In LMArena, Grok4.1 (Thinking) and Grok4.1 ranks first. In the earlier benchmark tests, Grok4.1 (Thinking) ranked first with a score of 1510. Currently, it is still first but with a score of 1483. Grok 4.1 is second.
There is a massive reduction in hallucination. It drops from 12% to about 4%.
This version scored more than 40 points higher than the previously released Grok4Fast two months ago.
It was silently rolled out to a subset of users from November 1–14, 2025, and it was preferred over prior models in 64.78% of blind pairwise evaluations on live traffic.
It is the top released model for creative writing.
OpenAI has GPT 5.1 that has not been released yet, that could have a slightly higher creative writing score.
Google will soon release Gemini 3. It is expected to be very good.
XAI Grok 5 will be released in Q1 2026 and will have double the parameters and will be a major step up.
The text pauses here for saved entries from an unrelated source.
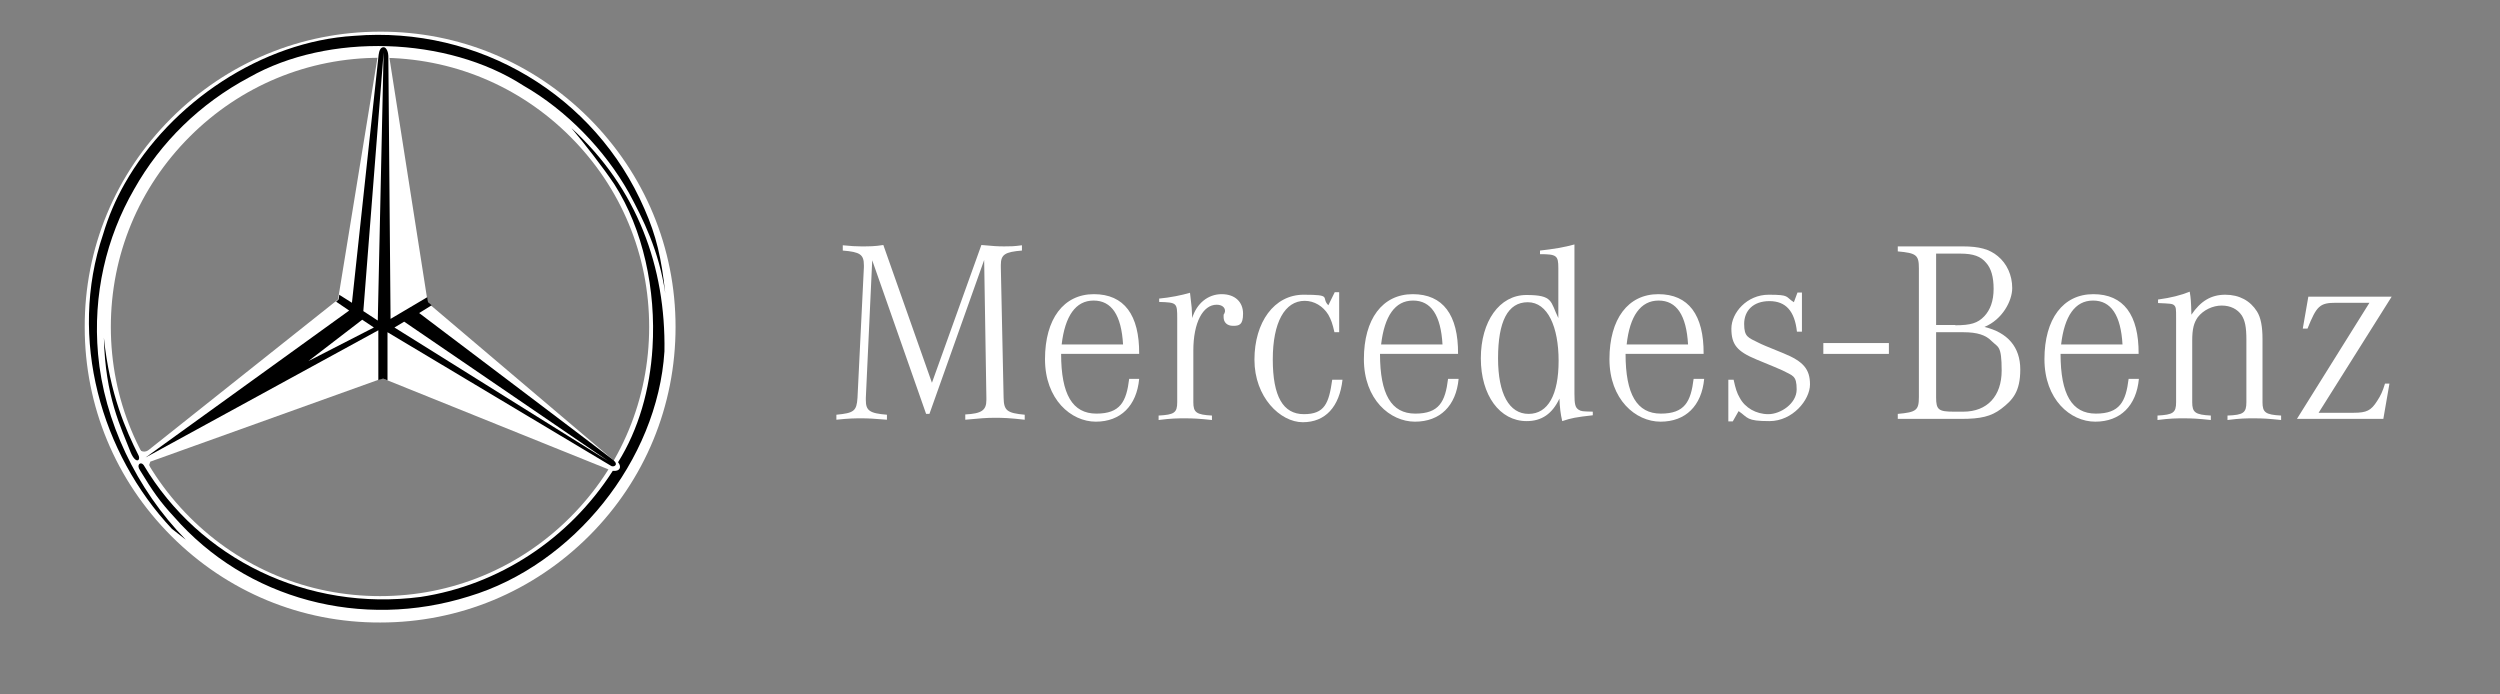 <?xml version="1.0" encoding="UTF-8"?>
<svg id="Layer_1" xmlns="http://www.w3.org/2000/svg" version="1.1" viewBox="0 0 900 250">
  <rect x="0" y="0" width="900" height="250" fill="#808080" stroke="none"/>
  <!-- Generator: Adobe Illustrator 29.0.0, SVG Export Plug-In . SVG Version: 2.1.0 Build 186)  -->
  <defs>
    <style>
      .st0 {
        fill: #fff;
      }

      .st0, .st1 {
        fill-rule: evenodd;
      }
    </style>
  </defs>
  <g>
    <path class="st0" d="M136.8,11.4c-28.4,0-55.1,11.1-75.2,31.2s-31.2,46.8-31.1,75.2c0,28.4,11.1,55.1,31.2,75.2s46.8,31.2,75.2,31.1c28.4,0,55.1-11.1,75.2-31.2s31.1-46.8,31.1-75.2-11.1-55.1-31.2-75.2c-20.1-20.1-46.8-31.2-75.2-31.1h0ZM68.3,186.2c-18.3-18.3-28.4-42.6-28.4-68.5s10.1-50.2,28.4-68.5c18.3-18.3,42.6-28.4,68.5-28.4s50.2,10.1,68.5,28.4c18.3,18.3,28.4,42.6,28.4,68.5s-10.1,50.2-28.4,68.5-42.6,28.4-68.5,28.4h0c-25.9,0-50.2-10.1-68.5-28.4h0Z"/>
    <path class="st0" d="M137.7,136.2l80.9,32.6c1.3.6,3.9,2.1,4.9.7.7-1.1.8-1.4-1.4-3.4l-.3.4-67.8-57.5-14-89.4c-.5-1.8-.7-2.6-2.2-2.6s-1.5,1.8-1.7,2.5l-14.4,88.3-68.2,54.2c-1,.8-3,1.2-4.6-1.7l2,5,3.6,4.6c-.2-.4-.7-1.5-.8-2.5l.4-1.2,83.6-30h0Z"/>
    <g>
      <path class="st1" d="M232,75.2c-17.6-40.7-59.5-66-104.5-62.3-33.1,2-66,23.9-82.6,53.2-3.3,5.8-5.9,11.9-7.8,18.3-12.7,37.5-.6,79,24.8,106l5,3.9c-17.9-18.2-29.5-43-31.6-66.8-1.9-21.4,2.9-41.9,13-59.4,9.5-16.9,23.8-30.9,41.5-40.3,28.4-16.1,71.2-14.7,98.6,3,15.7,9,29.4,23.3,38,38.6,5.1,9.5,10.8,20.7,13.1,36.2-1.4-12.8-3.2-20.6-7.5-30.4h0Z"/>
      <path class="st1" d="M234.9,125.2c1.3-20.9-3.4-42.7-13.7-58.8-4-6-10.7-14.6-15.5-20.3,23.7,21.7,34,50,33.5,80.4-2.5,39.3-32.8,76.9-70.4,88.2-38.5,12.1-80.1,1.2-106.2-28.7-5-5.4-7.6-9.1-12.2-16.7-1.4-2,.2-3.3,1.3-1.9,20.2,33.9,59,52.8,99.7,47.5,27.9-4.2,53.4-20.7,69.2-45.4,2.6.3,3.3-1.4,1.9-3.1,7.4-11.8,11.5-26.3,12.4-41.2h0Z"/>
      <path class="st1" d="M47.1,163c-3.6-9.3-9.2-20.1-9.7-41.4,2.1,20.4,8.1,33.6,12.4,42.2,1,1.9-.8,3.5-2.7-.8h0Z"/>
      <path class="st1" d="M219.8,167.6l-80.3-48v17.3l-1.6-.6-1.7.5v-17.9l-83.8,45.8,73.3-52.9-4.7-3.2.9-.8.2-1.3v-.4l4.6,2.9,9.6-89.2c.2-1.6.7-2.8,1.8-2.8s1.7,2,1.7,3.1l.8,94.7,13.2-7.8.3,1.8,1.3,1.1-4.5,2.8s67.9,51.3,70,53c2,1.8-.2,2.7-1.1,1.9h0ZM134.6,117.9l-4.2-2.8-19.4,14.9,23.6-12.1h0ZM145.5,115.8l-3.5,2.1,77,48.1-73.5-50.2h0ZM130.8,112l5.2,3.4,2.1-96.5-7.3,93.1h0Z"/>
    </g>
  </g>
  <path class="st0" d="M311.7,143.3v.7c0,3.8,1.3,4.8,7.6,5.3v1.8c-4.7-.4-6.8-.5-9.1-.5s-4.5,0-9.1.5v-1.8c6.3-.6,7.3-1.3,7.6-6.1l2.3-47v-.7c0-3.9-1.4-4.8-7.6-5.3v-1.9c3.2.3,4.6.4,6.6.4,2.9,0,5,0,8-.5l17.5,49.6,17.8-49.6c4.3.4,5.9.5,8.2.5s3.4,0,6.4-.4v1.9c-6.1.5-7.6,1.4-7.6,5.2v.8l1,47c.1,4.6,1.2,5.5,7.6,6.1v1.8c-5.3-.6-7.7-.7-10.7-.7s-5.4.2-10.7.7v-1.9c5.9-.3,7.6-1.5,7.6-5.2v-.8l-.8-49.6-19.7,55.4h-1.2l-19.4-55.3-2.3,49.6h0Z"/>
  <path class="st0" d="M410.1,136.4c-.9,9.7-6.7,15.4-15.6,15.4s-18.3-8-18.3-22.5,6.7-23.4,17.6-23.4,16.4,7.5,16.3,21.5h-28.1c0,14.6,4.1,21.5,12.7,21.5s10.8-4.3,11.8-12.5h3.6ZM404.3,124c-.6-10.5-4.1-15.8-10.6-15.8s-10.3,5.6-11.5,15.8h22.1Z"/>
  <path class="st0" d="M417.2,107.5c4.2-.4,8.1-1.2,11.2-2.1l.6,5.3.2,3.8c1.6-5.3,5.7-8.6,10.6-8.6s7.7,2.9,7.7,7-1.4,4.4-3.6,4.4-3.4-1.3-3.4-3.1,0-.4.4-1.7c.1-.2.1-.5.1-.6,0-1.3-1.2-2.2-3-2.2-5,0-8.4,6.5-8.4,16.5v18.6c0,3.7,1.1,4.5,6.7,4.8v1.6c-4.7-.5-6.9-.6-9.6-.6s-4.9,0-9.6.6v-1.6c5.6-.3,6.7-1,6.7-4.8v-30.2c0-5.6-.1-5.7-6.5-5.9v-1.2h-.1Z"/>
  <path class="st0" d="M482.2,119.6h-1.8c-.7-3.1-1.2-4.5-2.2-6.3-1.9-3.1-5.1-5-8.5-5-7.2,0-11.5,7.8-11.5,21.1s3.7,19.7,11.2,19.7,9-3.9,10.2-12.4h3.7c-1.1,9.8-6.2,15.3-14.3,15.3s-17.4-9-17.4-22.5,7.1-23.4,17.7-23.4,6.1,1,8.9,3.8l2.3-4.7h1.6v14.4h0Z"/>
  <path class="st0" d="M525.1,136.4c-.9,9.7-6.7,15.4-15.7,15.4s-18.4-8-18.4-22.5,6.7-23.4,17.6-23.4,16.4,7.5,16.3,21.5h-28.1c0,14.6,4.1,21.5,12.7,21.5s10.8-4.3,11.8-12.5h3.8ZM519.3,124c-.6-10.5-4.1-15.8-10.6-15.8s-10.3,5.6-11.5,15.8h22.1Z"/>
  <path class="st0" d="M573.4,149.5c-6.2.7-7.7,1-11,2.1-.6-2.5-.9-5.1-1-8.1-2.6,5.5-6.4,8.1-11.8,8.1-9.7,0-16.5-9.3-16.5-22.6s6.7-22.8,16.4-22.8,8.6,2.3,11.5,8.3v-18c0-4.5-.6-5-6.6-5v-1.3c4.6-.5,8.9-1.2,12.4-2.2v53.8c0,3.8.3,4.9,1.5,5.7,1,.6,1.3.6,5.1.7v1.3h0ZM539.3,129c0,12.8,4,20,11,20s10.8-6.9,10.8-19.1-3.9-21.1-11.1-21.1-10.7,6.9-10.7,20.2h0Z"/>
  <path class="st0" d="M613.5,136.4c-.9,9.7-6.7,15.4-15.7,15.4s-18.4-8-18.4-22.5,6.7-23.4,17.6-23.4,16.4,7.5,16.3,21.5h-28.1c0,14.6,4.1,21.5,12.7,21.5s10.8-4.3,11.8-12.5h3.8ZM607.7,124c-.6-10.5-4.1-15.8-10.6-15.8s-10.4,5.6-11.5,15.8h22.1Z"/>
  <path class="st0" d="M622.3,136.7h1.8c.7,3.2,1.2,4.8,2.2,6.5,1.9,3.6,5.9,5.9,10.3,5.9s10.2-3.8,10.2-8.9-1.4-4.9-5.2-6.9c-.6-.3-3.7-1.6-9.3-3.9-7-2.9-9-5.4-9-11.1s5.6-12.2,13.4-12.2,5.9.7,9.1,2.7l1.3-3.5h1.6v14.1h-1.8c-.8-7.4-4-11-9.9-11s-9.1,3.5-9.1,8.2,1.4,4.9,5.2,6.8c1.4.7,2.1,1,9,3.8,7.1,2.9,9.5,5.7,9.5,11.2s-6.2,13.2-14.6,13.2-7.6-1.2-11.1-3.6l-2.1,3.7h-1.6v-15h0Z"/>
  <polygon class="st0" points="656.4 123.5 656.4 127.4 680 127.4 680 123.5 656.4 123.5"/>
  <path class="st0" d="M706.6,88.7c5.9,0,9.6,1,12.6,3.5,3.3,2.7,5.2,6.9,5.2,11.5s-3.5,11.3-10,14c8.4,2,12.9,7.3,12.9,15.3s-2.7,11-6.9,14.2c-3.6,2.7-7.3,3.6-14.4,3.6h-22.8v-1.8c6.7-.6,7.6-1.3,7.6-6.1v-46.3c0-4.8-.9-5.5-7.6-6.1v-1.8s23.4,0,23.4,0ZM703.9,117.1c5.6,0,8.1-.8,10.4-3.2,2.2-2.3,3.4-5.6,3.4-9.9s-.9-7.4-2.7-9.4c-1.9-2.3-4.6-3.3-9.3-3.3h-8.7v25.7h6.9,0ZM697,143.1c0,4.4.9,5.1,6.3,5.1h3.5c8.6,0,13.8-5.6,13.8-14.8s-1.3-8.3-3.6-10.6c-2.1-2.2-5.2-3.2-10.2-3.2h-9.8v23.5h0Z"/>
  <path class="st0" d="M770,136.4c-.9,9.7-6.7,15.4-15.7,15.4s-18.3-8-18.3-22.5,6.7-23.4,17.6-23.4,16.4,7.5,16.3,21.5h-28.1c0,14.6,4.1,21.5,12.7,21.5s10.8-4.3,11.8-12.5h3.7ZM764.1,124c-.6-10.5-4.1-15.8-10.6-15.8s-10.3,5.6-11.5,15.8h22.1Z"/>
  <path class="st0" d="M777.1,107.8c4.4-.6,8-1.5,11.2-2.8.4,2.4.5,3.6.6,8.3,3.3-4.9,7.1-7.2,12.2-7.2s9,2.2,11.4,6c1.4,2.2,2,5.5,2,9.9v22.8c0,3.7,1.1,4.5,6.7,4.8v1.6c-4.7-.5-6.9-.6-9.7-.6s-4.9,0-9.6.6v-1.6c5.7-.2,6.8-1,6.8-4.8v-22.5c0-4.6-.5-6.9-1.7-8.8-1.5-2.2-4-3.5-7.2-3.5s-6.6,1.6-8.6,4.2c-1.4,2-2,4.2-2,8.4v22.2c0,3.7,1.1,4.5,6.7,4.8v1.6c-4.7-.5-6.9-.6-9.6-.6s-4.9,0-9.6.6v-1.6c5.6-.3,6.7-1,6.7-4.8v-30.2c0-3.4,0-4-.7-4.7-.7-.6-1.4-.6-5.8-.8v-1.3h.2,0Z"/>
  <path class="st0" d="M853,109h-12c-5.9,0-7,1.1-10.3,9.3h-1.7l2-11.5h30l-26.3,41.8h12.6c4.7,0,6.3-.8,8.5-4.3,1.2-1.8,2-3.5,2.8-6.2h1.6l-2.2,12.7h-31.1l26.1-41.8h0Z"/>
</svg>

Grok 4.1 Specifications and Benchmarks
Grok 4.1 is positioned as a frontier model emphasizing conversational intelligence, emotional understanding, real-world helpfulness, and reduced errors. It’s available immediately to all users (including free tier) on grok.com, x.com (via login), and the Grok iOS/Android apps.
Model Variants
Grok 4.1 Thinking (code name quasarflux). It uses thinking tokens for step-by-step reasoning in responses.
Grok 4.1 Non-Reasoning (code name tensor). It has direct responses without thinking tokens for speed.
Grok 4.1 Fast (Non-Reasoning) Includes integrated search tools for quick, fact-checked answers.
1 thought on “XAI Releases Grok 4.1 and It Tops the LMArena Leaderboard”
At this point in time, the entire GROK echo system seems to be down.
No responses to prompts, all chat history lost.
Hopefully just a temporarily overload and not GROK 4.1 going full Terminator on us.